While the UK election has almost certainly provided a more benign, or at least less hostile, environment for FLA advocates, the socialist victory in the French elections may produce a Government more inclined to support job-creating, or job-protecting, projects.

The UK still holds only observer status on the programme. AMC wants to see the UK Government rejoin the project as a full member, and approve the release of the RFP. France, Italy, Spain and Turkey are "-now prepared to issue the RFP to industry", it says.

 

EF2000 struggle

The FLA is not the only military-aircraft programme which European states are attempting to sort out in the run-up to the Paris air show. The four Eurofighter partner nations (Germany, Italy, Spain and the UK) are struggling to resolve the vexed issue of the EF2000 production-investment (PI) phase.

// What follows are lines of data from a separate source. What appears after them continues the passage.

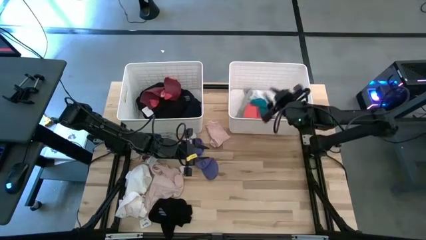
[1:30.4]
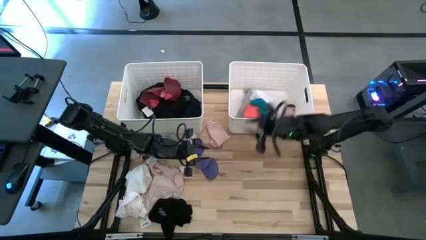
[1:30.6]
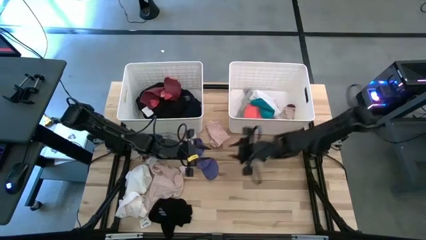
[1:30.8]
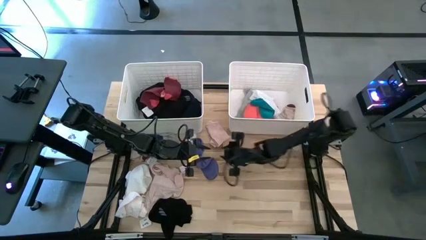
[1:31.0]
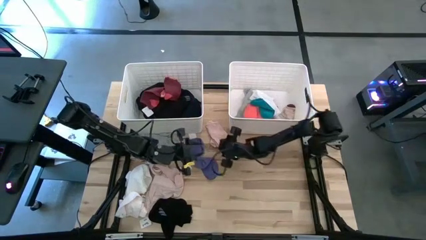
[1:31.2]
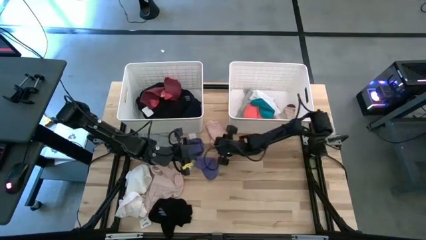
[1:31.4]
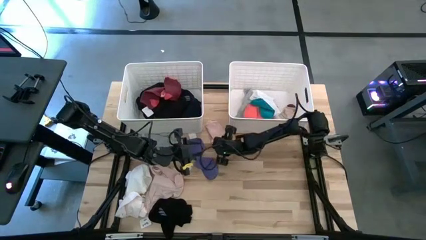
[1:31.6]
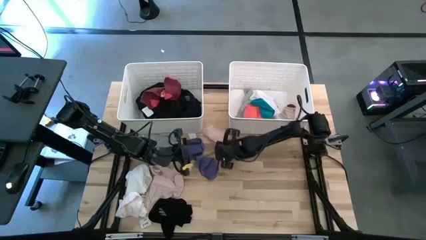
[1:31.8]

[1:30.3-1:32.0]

Germany, striving to meet European Union currency-convergence criteria, has so far failed to make available the necessary funding for the PI phase. The UK, meanwhile, appears to be anxious to move ahead.

With UK Prime Minister Tony Blair and German Chancellor Helmut Kohl due to have met on 6 June, there are those who suggest that an element of horse-trading over the EF2000 and the FLA could take place in the margins of the meeting. Certainly, it will take a great deal of political clout to corral together support for the FLA in the present climate of fiscal austerity.

One humorist, when asked what FLA actually stood for, suggested: "Frightens Lockheed anyway". In the light of the project's tribulations, this has in recent years seemed somewhat wide of the mark - AMC has once last chance to prove it correct.